* _SOURCE INFORMATION_
══════

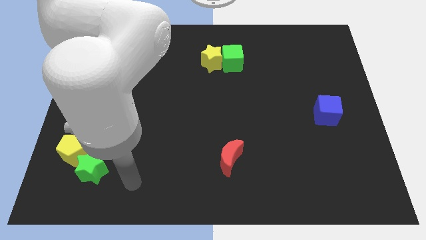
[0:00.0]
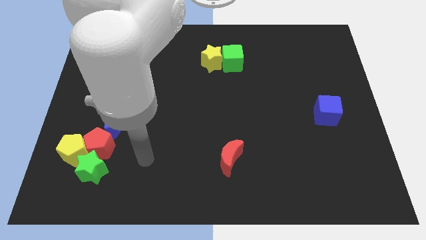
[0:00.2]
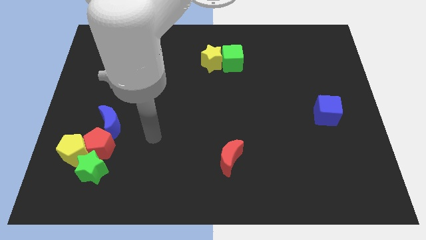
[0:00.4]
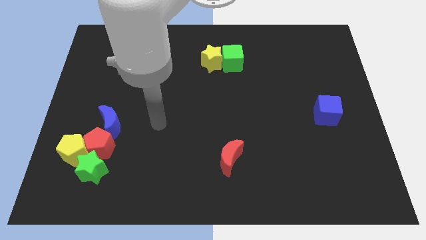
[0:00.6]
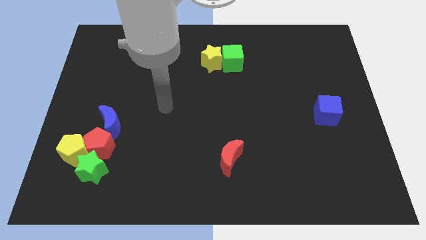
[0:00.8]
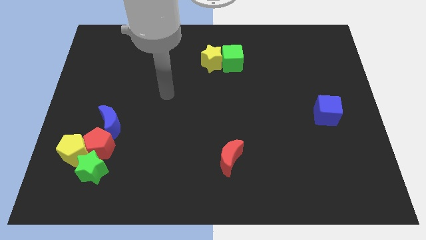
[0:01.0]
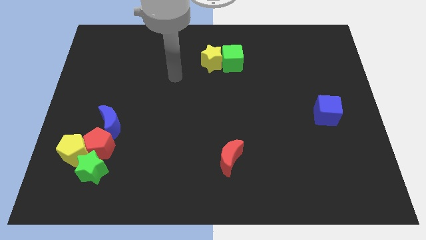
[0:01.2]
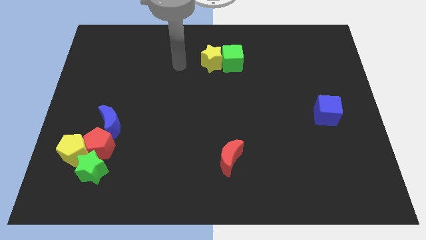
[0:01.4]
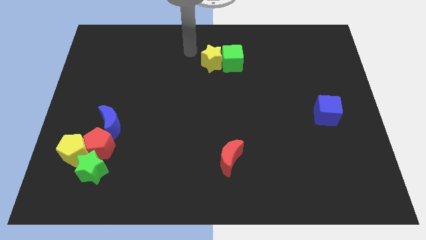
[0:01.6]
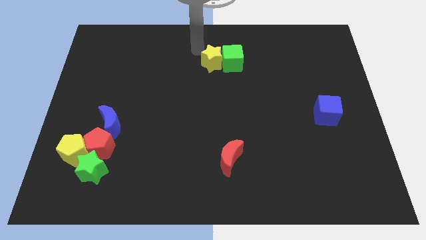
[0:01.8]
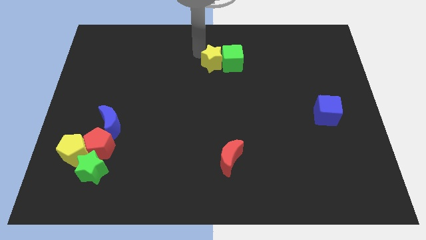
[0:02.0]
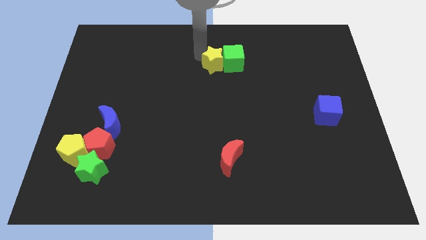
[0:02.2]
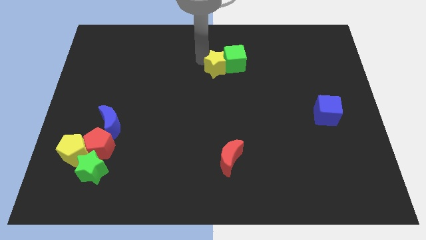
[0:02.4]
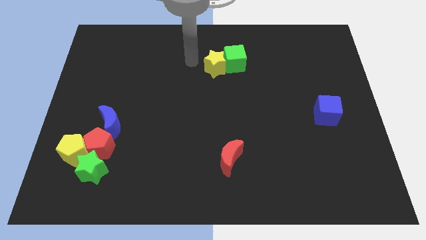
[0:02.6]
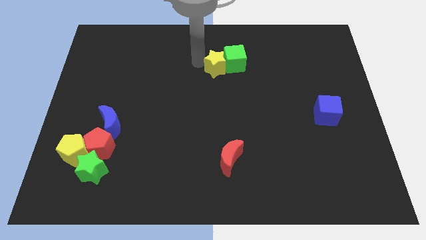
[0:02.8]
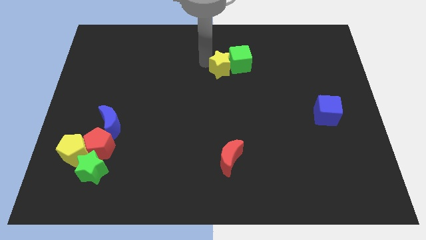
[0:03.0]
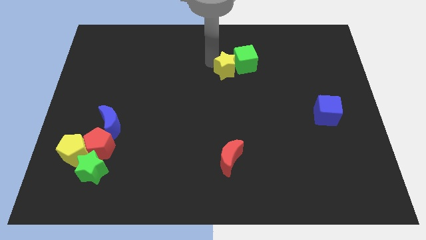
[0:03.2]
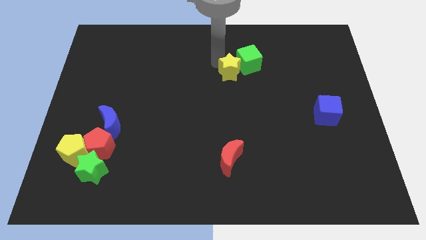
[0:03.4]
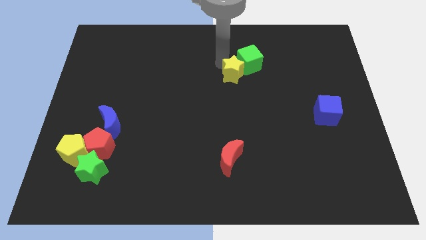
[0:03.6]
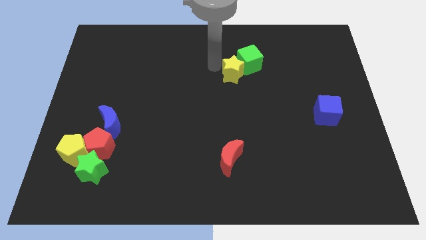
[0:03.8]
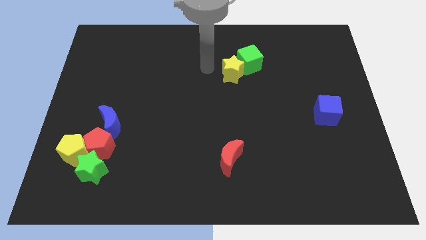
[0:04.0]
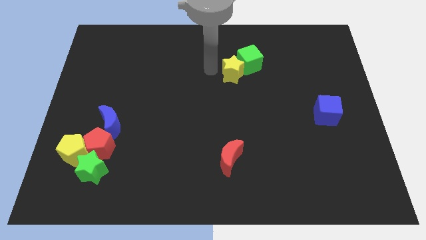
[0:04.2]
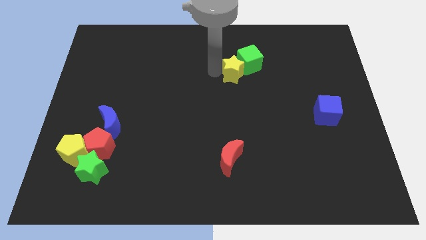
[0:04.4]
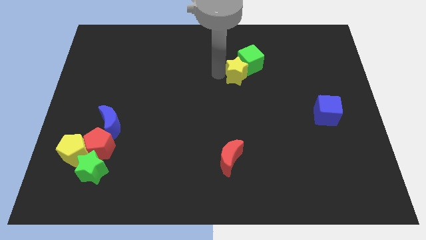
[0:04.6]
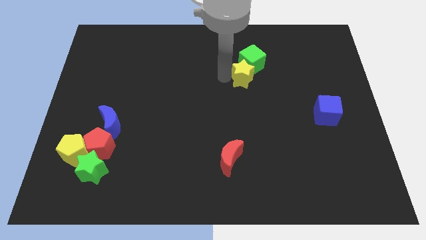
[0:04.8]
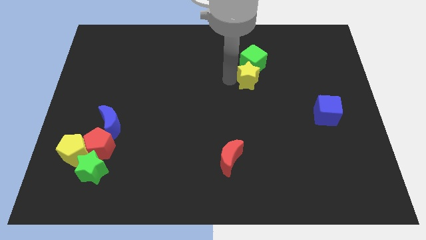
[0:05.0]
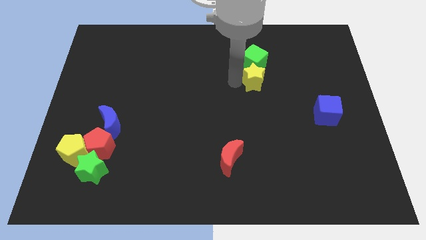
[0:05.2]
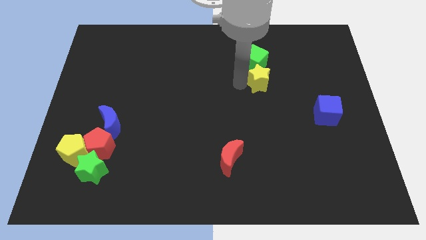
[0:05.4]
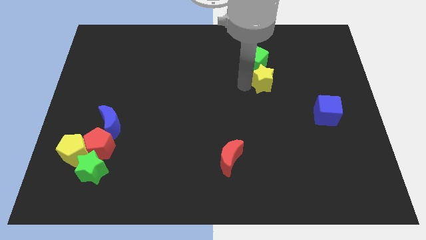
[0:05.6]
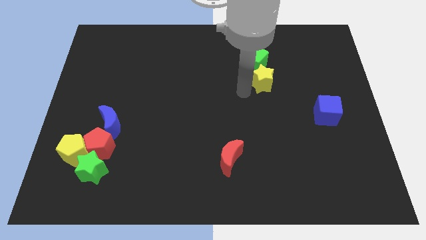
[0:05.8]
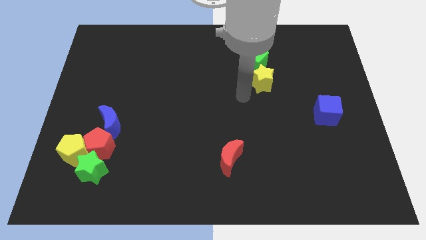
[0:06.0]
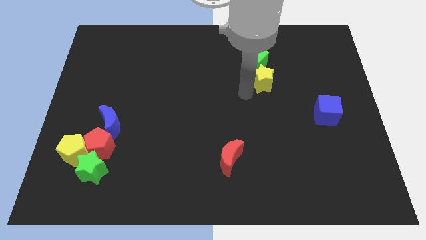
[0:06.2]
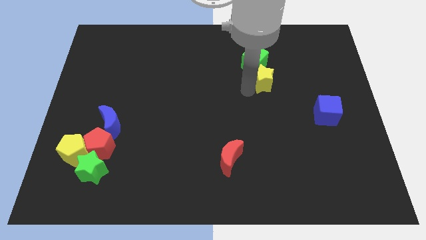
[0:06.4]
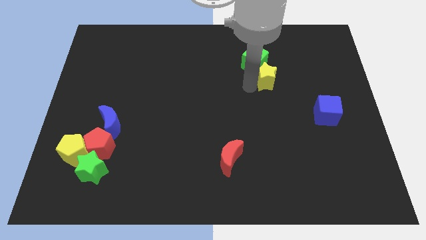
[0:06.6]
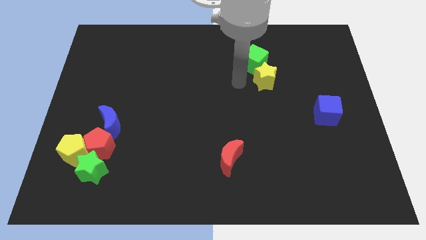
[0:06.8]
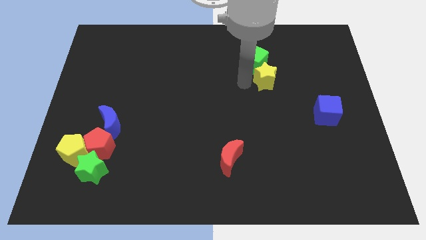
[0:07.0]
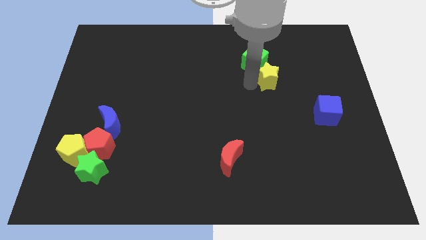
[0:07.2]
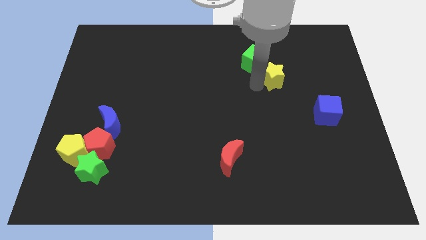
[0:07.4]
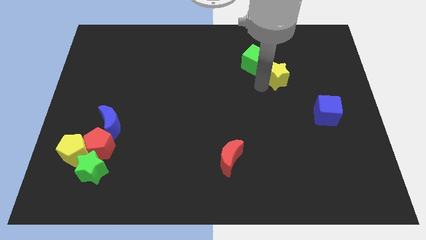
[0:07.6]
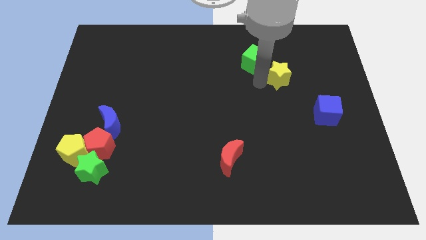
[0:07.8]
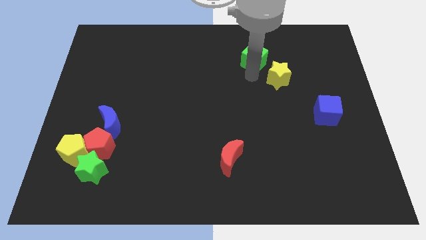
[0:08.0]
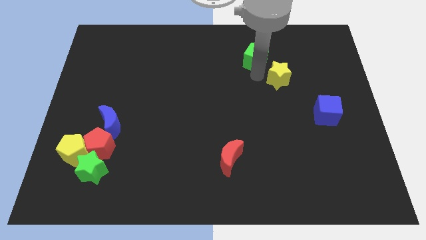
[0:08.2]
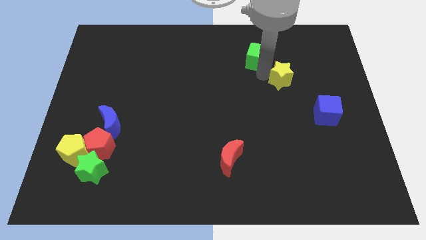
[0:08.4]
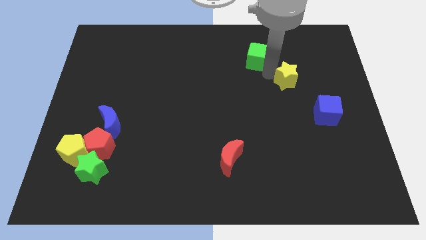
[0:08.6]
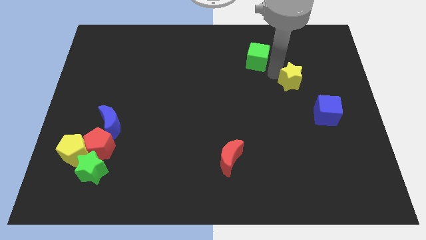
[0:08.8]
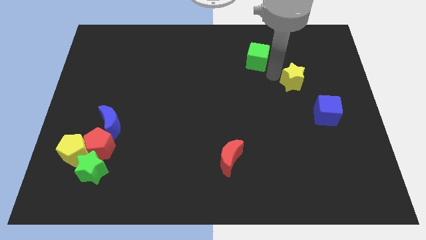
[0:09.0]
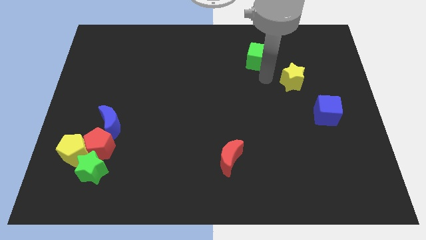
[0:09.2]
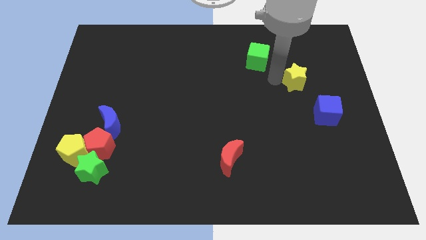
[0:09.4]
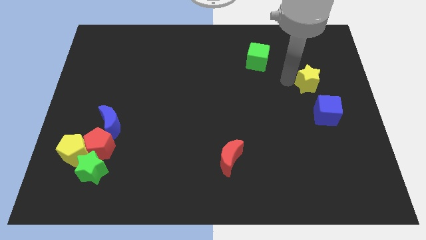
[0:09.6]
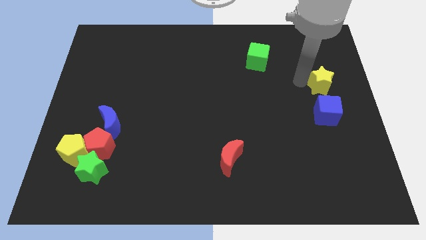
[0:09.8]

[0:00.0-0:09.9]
slide the yellow star to the right side of the board

══════

* _TASK REQUIREMENTS_
Please repeat the entries above exactly, leaving out any pictures.

* _YOUR SOLUTION_
[0:00.0]
[0:00.2]
[0:00.4]
[0:00.6]
[0:00.8]
[0:01.0]
[0:01.2]
[0:01.4]
[0:01.6]
[0:01.8]
[0:02.0]
[0:02.2]
[0:02.4]
[0:02.6]
[0:02.8]
[0:03.0]
[0:03.2]
[0:03.4]
[0:03.6]
[0:03.8]
[0:04.0]
[0:04.2]
[0:04.4]
[0:04.6]
[0:04.8]
[0:05.0]
[0:05.2]
[0:05.4]
[0:05.6]
[0:05.8]
[0:06.0]
[0:06.2]
[0:06.4]
[0:06.6]
[0:06.8]
[0:07.0]
[0:07.2]
[0:07.4]
[0:07.6]
[0:07.8]
[0:08.0]
[0:08.2]
[0:08.4]
[0:08.6]
[0:08.8]
[0:09.0]
[0:09.2]
[0:09.4]
[0:09.6]
[0:09.8]

[0:00.0-0:09.9]
slide the yellow star to the right side of the board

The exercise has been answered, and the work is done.